I have to get better at my searches. I just found some stuff. 

http://www.tundraman.com/jigs/NeckAngle.CFM

The hardest part is that the pocket it cut already. I have looked at different bridges and they are all too wide. The one that Bezdez has SAYS that it's 2" spacing but as hardware goes you never till you get the stuff. It's amazing how much an 1/8" can cause you grief..... 
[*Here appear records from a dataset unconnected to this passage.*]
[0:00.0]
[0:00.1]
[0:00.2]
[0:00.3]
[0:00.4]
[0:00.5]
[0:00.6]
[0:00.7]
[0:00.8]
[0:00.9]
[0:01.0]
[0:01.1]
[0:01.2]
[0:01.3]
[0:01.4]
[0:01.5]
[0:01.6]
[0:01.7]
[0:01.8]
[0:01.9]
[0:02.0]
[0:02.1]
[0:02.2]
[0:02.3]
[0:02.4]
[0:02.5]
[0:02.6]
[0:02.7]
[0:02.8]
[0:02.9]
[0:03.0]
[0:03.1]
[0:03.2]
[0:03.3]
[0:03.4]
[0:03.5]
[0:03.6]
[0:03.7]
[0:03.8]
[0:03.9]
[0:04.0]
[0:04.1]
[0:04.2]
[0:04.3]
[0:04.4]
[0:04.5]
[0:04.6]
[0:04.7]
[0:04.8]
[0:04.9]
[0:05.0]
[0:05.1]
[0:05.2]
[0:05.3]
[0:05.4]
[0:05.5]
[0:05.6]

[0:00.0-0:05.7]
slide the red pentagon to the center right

I found a post that says I can route the bridge lower too.


----------



## starjag (Jan 30, 2008)

You might be okay with intonation if you use a TOM bridge with lots of travel for the saddles. I think that the vintage bridges had less travel for the saddles, so the only way proper intonation was possible was to angle the bridge slightly. Some newer bridges have more travel for the saddles and do not need to be angled. So you will be fine depending on the type of bridge you use. I recently used a Schaller locking roller bridge with posts that were installed perfectly straight and provided perfect intonation once it was set up.


----------



## shoretyus (Jan 6, 2007)

dr_iggi said:


> You might be okay with intonation if you use a TOM bridge with lots of travel for the saddles. I think that the vintage bridges had less travel for the saddles, so the only way proper intonation was possible was to angle the bridge slightly. Some newer bridges have more travel for the saddles and do not need to be angled. So you will be fine depending on the type of bridge you use. I recently used a Schaller locking roller bridge with posts that were installed perfectly straight and provided perfect intonation once it was set up.
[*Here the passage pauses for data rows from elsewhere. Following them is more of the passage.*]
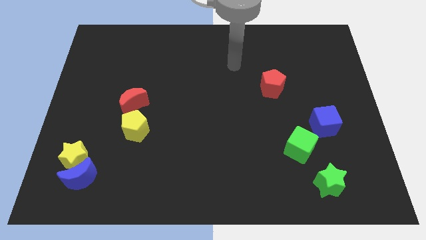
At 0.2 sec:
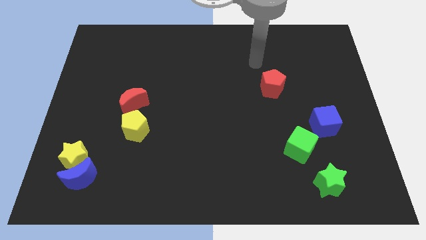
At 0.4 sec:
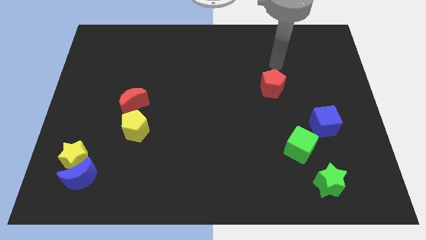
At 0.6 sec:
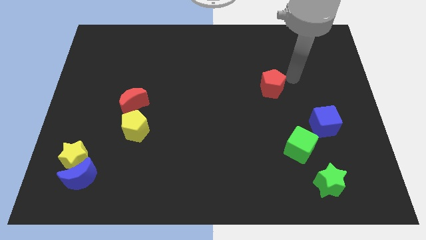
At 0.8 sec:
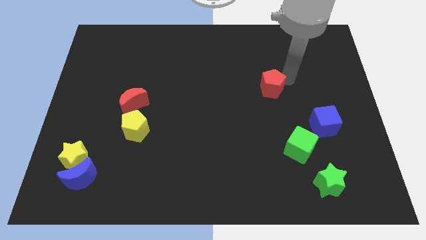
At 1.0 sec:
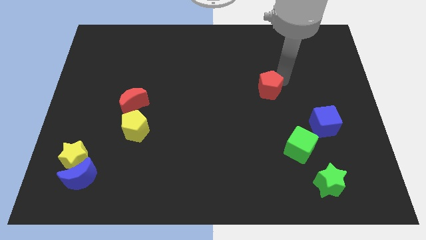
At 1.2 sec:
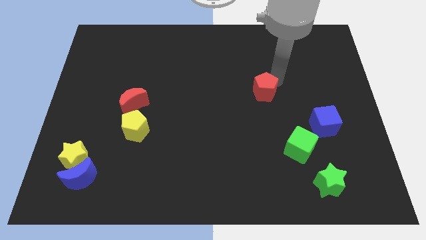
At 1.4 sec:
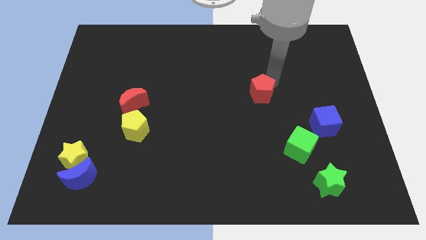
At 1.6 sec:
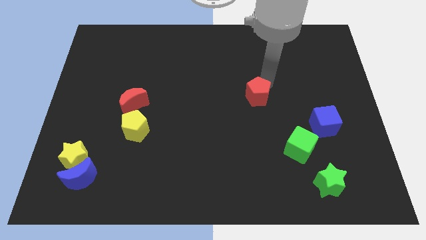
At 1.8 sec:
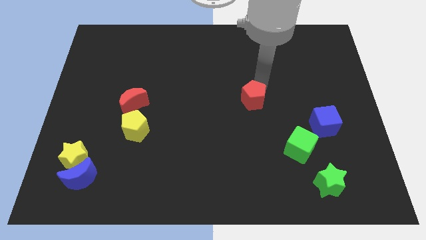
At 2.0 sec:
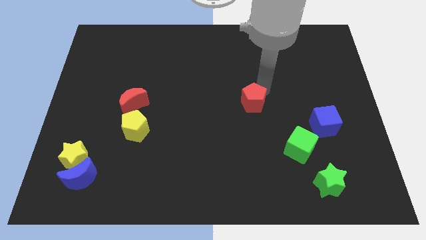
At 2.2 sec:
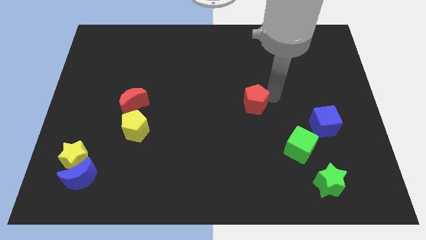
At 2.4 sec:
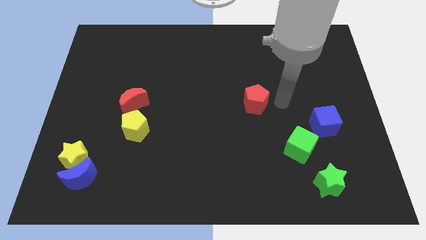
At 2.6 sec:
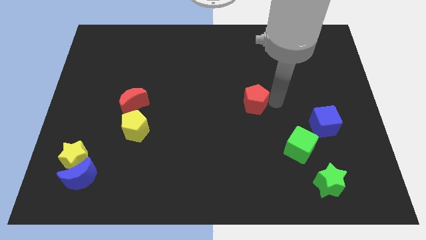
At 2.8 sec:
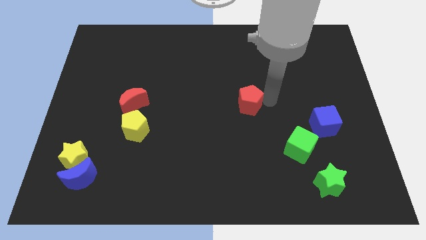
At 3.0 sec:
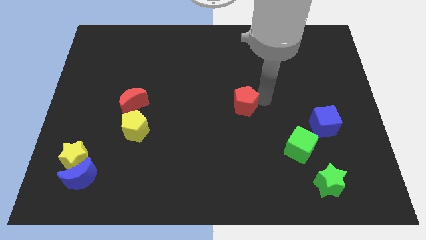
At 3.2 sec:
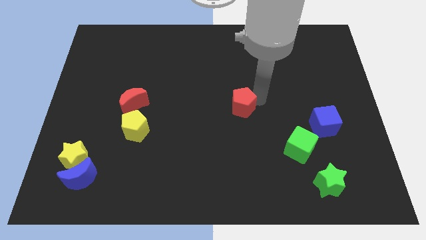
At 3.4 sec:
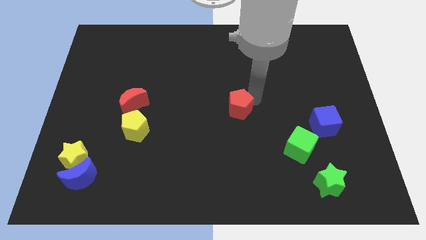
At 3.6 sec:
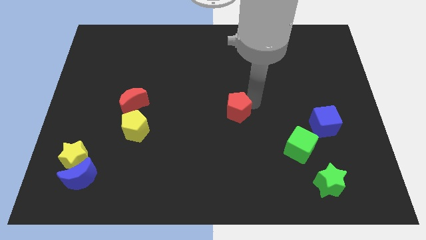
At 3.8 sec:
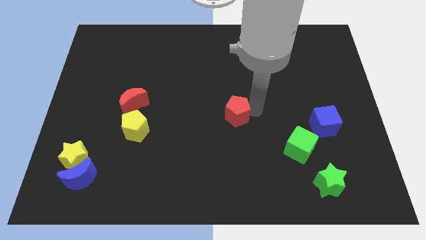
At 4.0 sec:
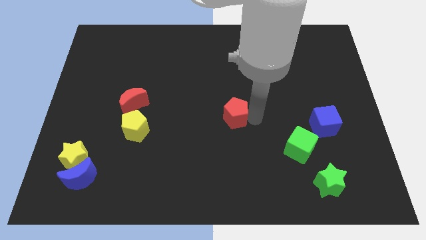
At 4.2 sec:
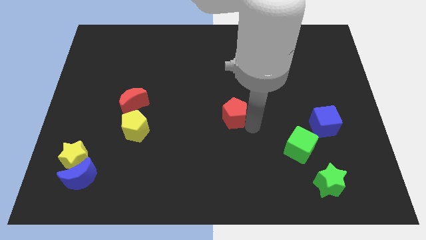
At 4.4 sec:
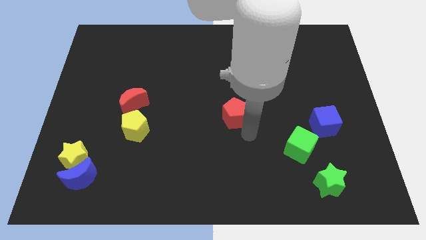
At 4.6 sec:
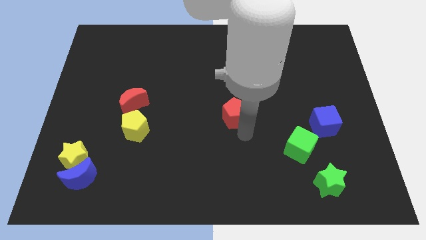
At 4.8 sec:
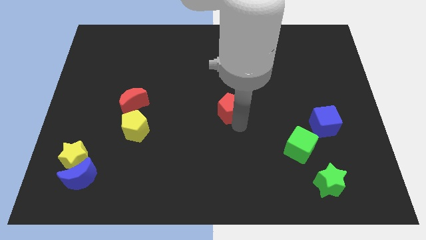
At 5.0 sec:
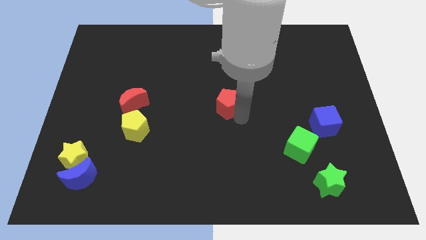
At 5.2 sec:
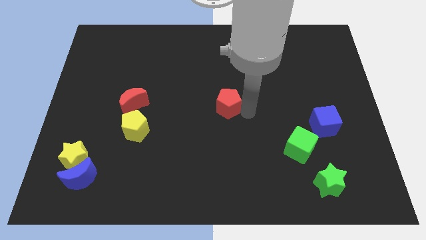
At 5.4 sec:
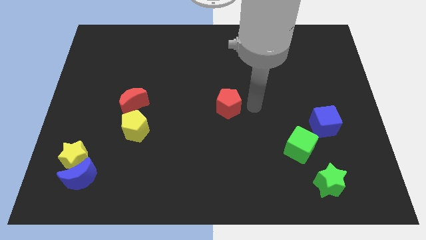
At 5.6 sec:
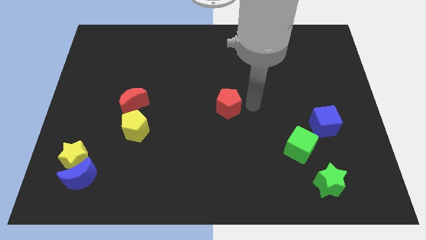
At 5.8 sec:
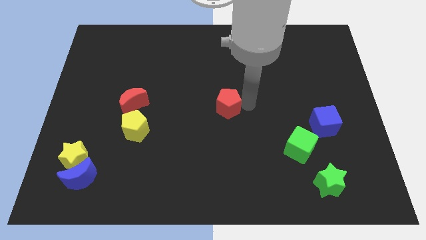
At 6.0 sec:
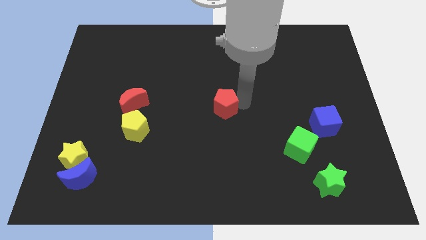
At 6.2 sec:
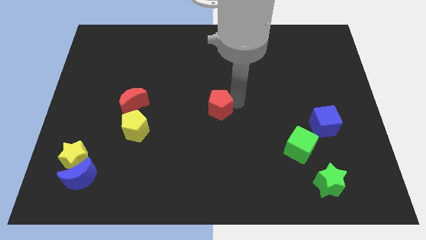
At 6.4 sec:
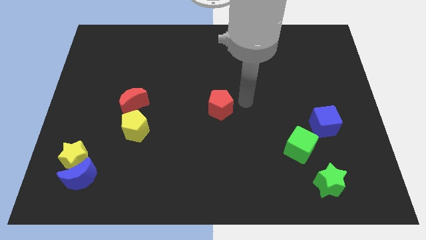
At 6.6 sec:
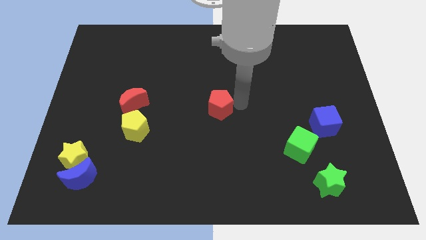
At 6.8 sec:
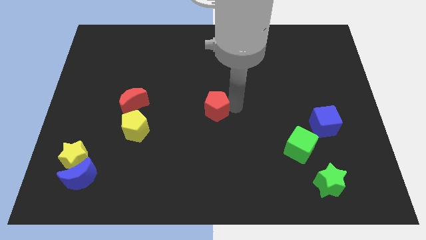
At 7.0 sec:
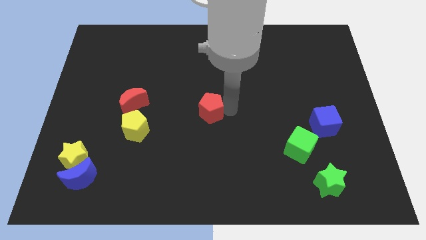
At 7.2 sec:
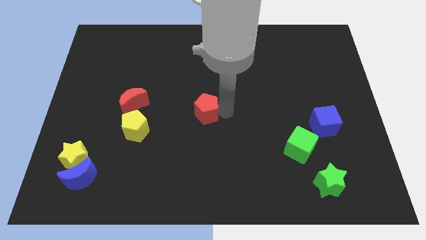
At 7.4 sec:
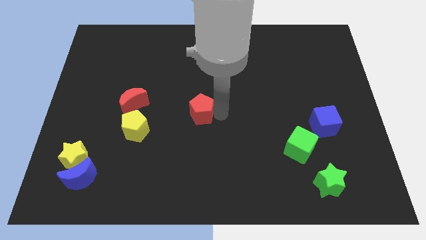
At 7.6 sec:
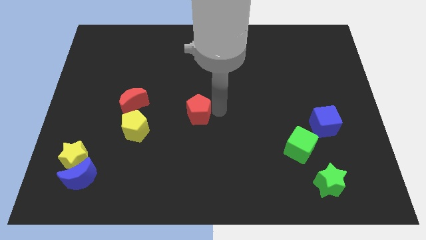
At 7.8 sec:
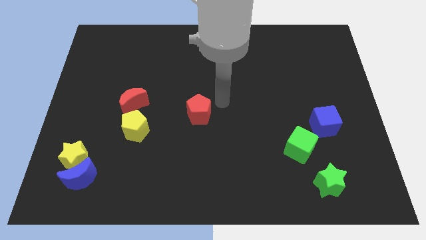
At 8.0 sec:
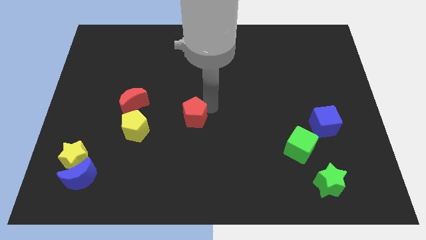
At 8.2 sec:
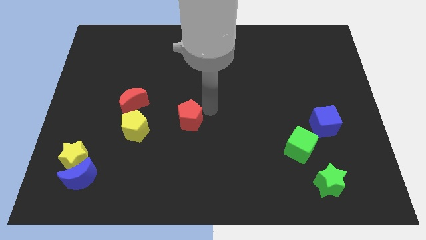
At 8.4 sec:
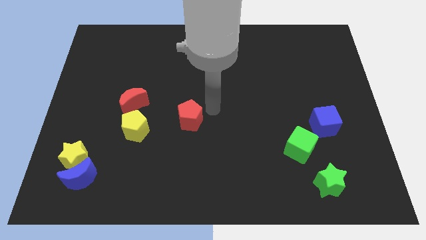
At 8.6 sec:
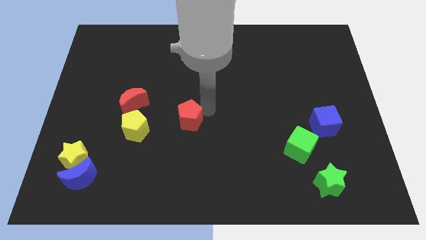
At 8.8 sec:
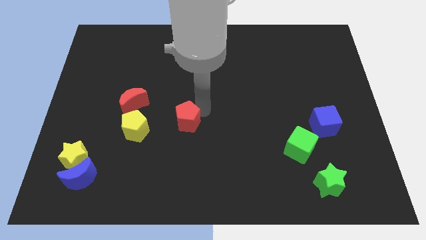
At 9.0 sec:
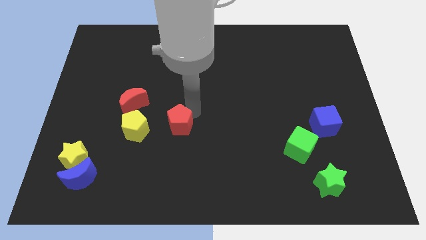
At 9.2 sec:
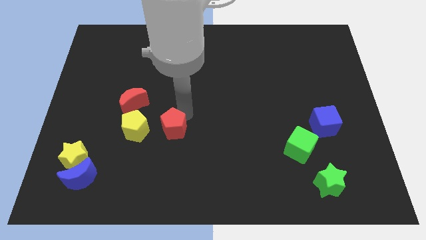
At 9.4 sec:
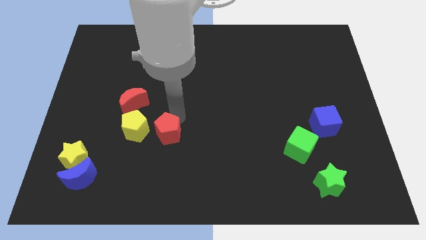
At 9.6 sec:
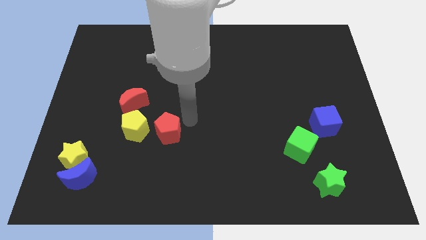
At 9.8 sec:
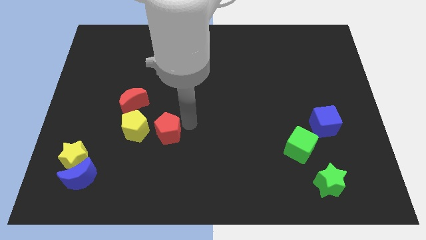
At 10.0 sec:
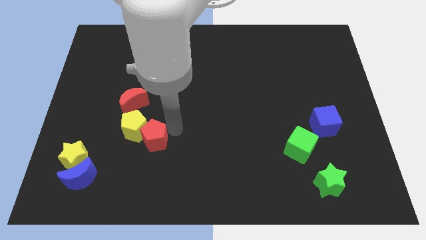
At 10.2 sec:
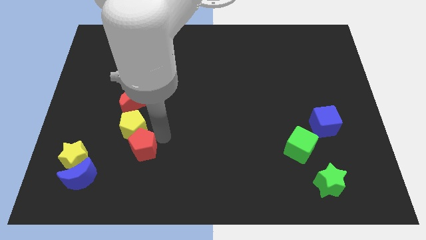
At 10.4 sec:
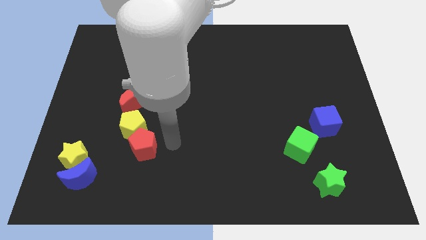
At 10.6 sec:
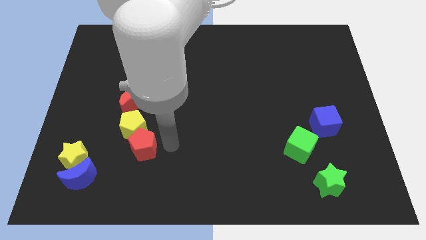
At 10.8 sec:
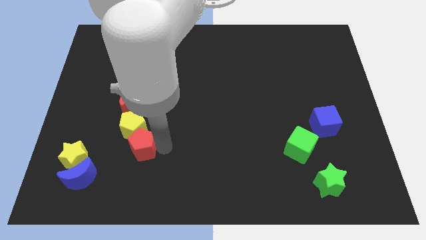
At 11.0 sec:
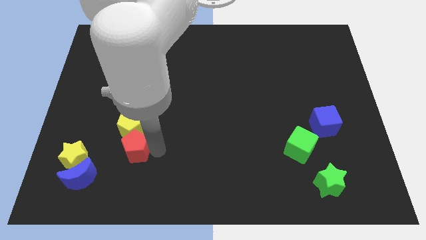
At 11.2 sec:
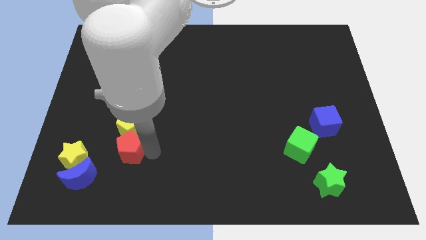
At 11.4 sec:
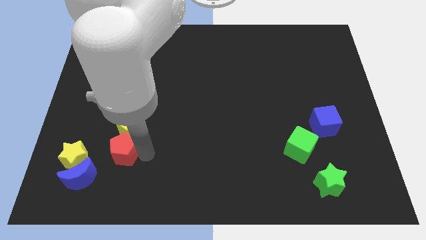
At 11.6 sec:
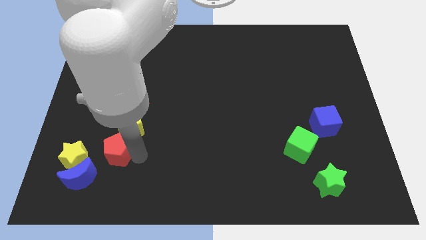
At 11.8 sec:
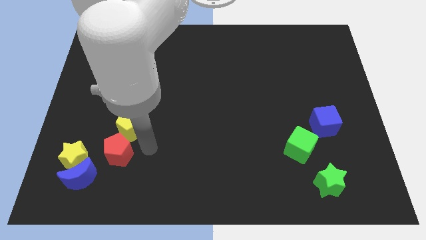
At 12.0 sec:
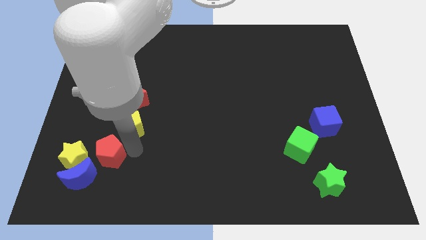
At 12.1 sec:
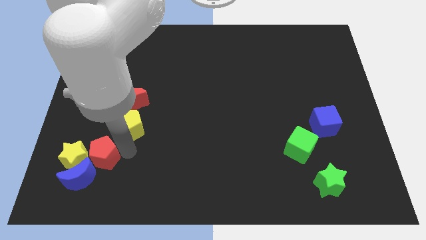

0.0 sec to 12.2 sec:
move the red pentagon to the yellow star

Any of the postings I read say to mount the post scale plus 1/4" on the bass side and 1/8" on the treble side. 

I just did that calculator thing I posted above. I says I dont need and angle but I don't know the bridge height. Frustrating. It's a snow day for me and I want to build.


----------



## shoretyus (Jan 6, 2007)

Well after some screwing around if I shim the thickness of a piece of edge tape at the butt it gives me 1/8" rise from the end of the neck to the bridge. That measurement matches a board that I cut on a 3 degree angle. 

Close enough for me carry on with the build. 

Thanks folks.


----------